■ **YOUR INSTRUCTIONS**: The answer must repeat every record exactly, with all pictures omitted.

(DATA TO PROCESS Opens)

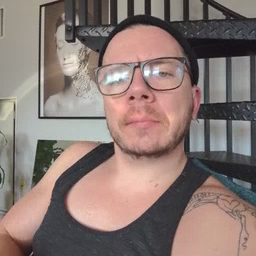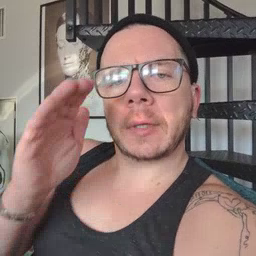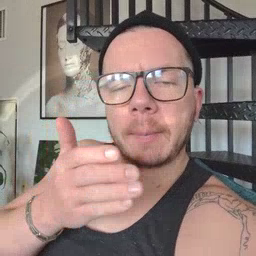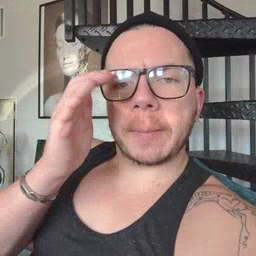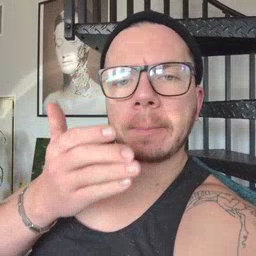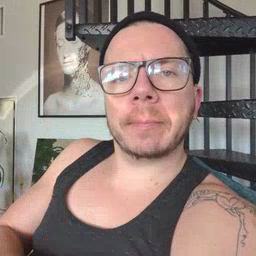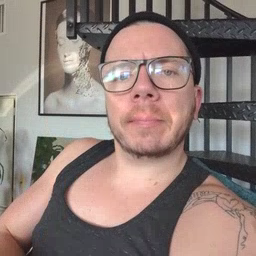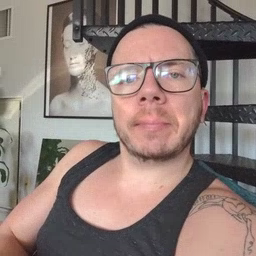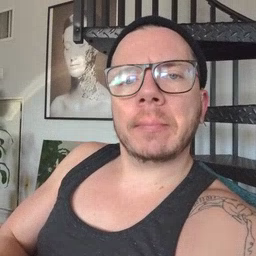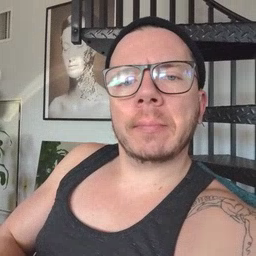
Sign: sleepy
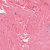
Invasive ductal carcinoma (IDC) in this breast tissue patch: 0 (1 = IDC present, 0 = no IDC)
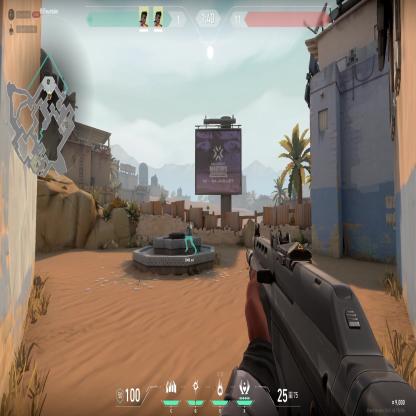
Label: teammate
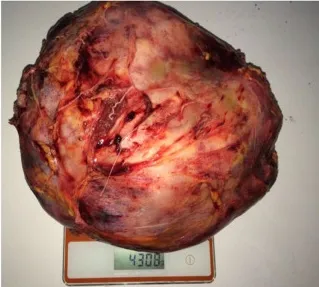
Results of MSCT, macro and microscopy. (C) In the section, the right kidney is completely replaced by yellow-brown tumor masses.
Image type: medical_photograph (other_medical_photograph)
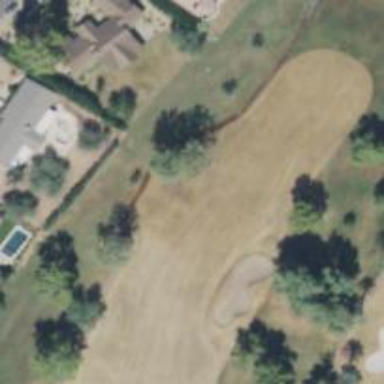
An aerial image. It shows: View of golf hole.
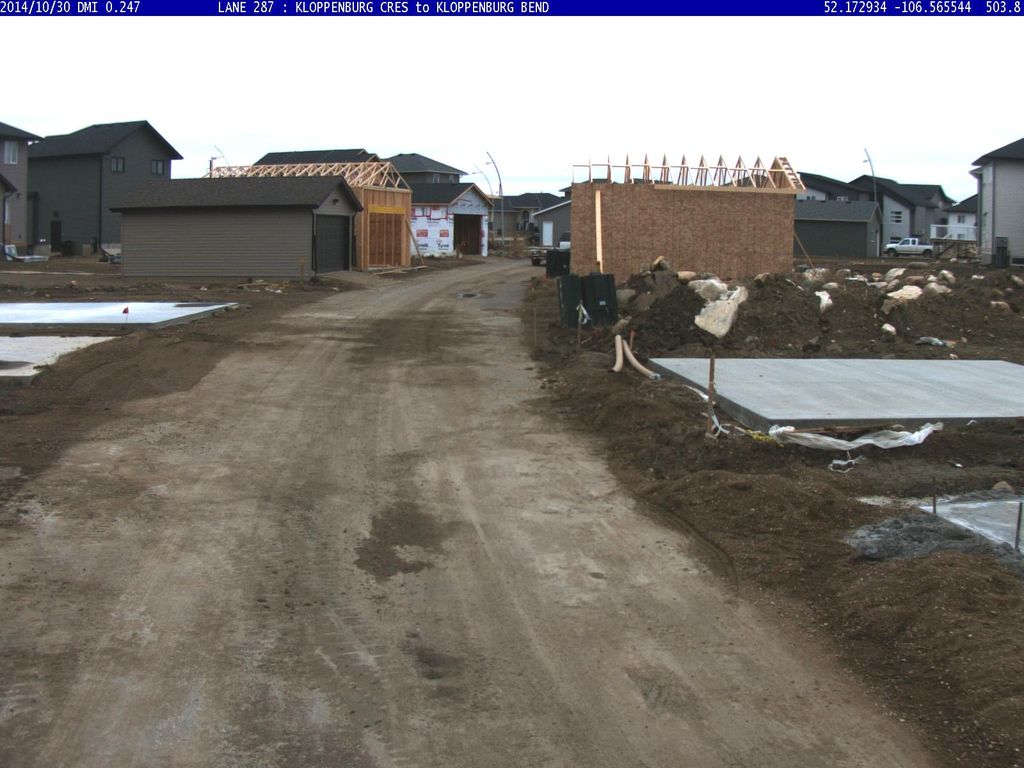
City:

(DATA TO PROCESS Closes)

■ **RESPONSE FOR THIS EXERCISE**:
Sign: sleepy
Invasive ductal carcinoma (IDC) in this breast tissue patch: 0 (1 = IDC present, 0 = no IDC)
Label: teammate
Results of MSCT, macro and microscopy. (C) In the section, the right kidney is completely replaced by yellow-brown tumor masses.
Image type: medical_photograph (other_medical_photograph)
An aerial image. It shows: View of golf hole.
City:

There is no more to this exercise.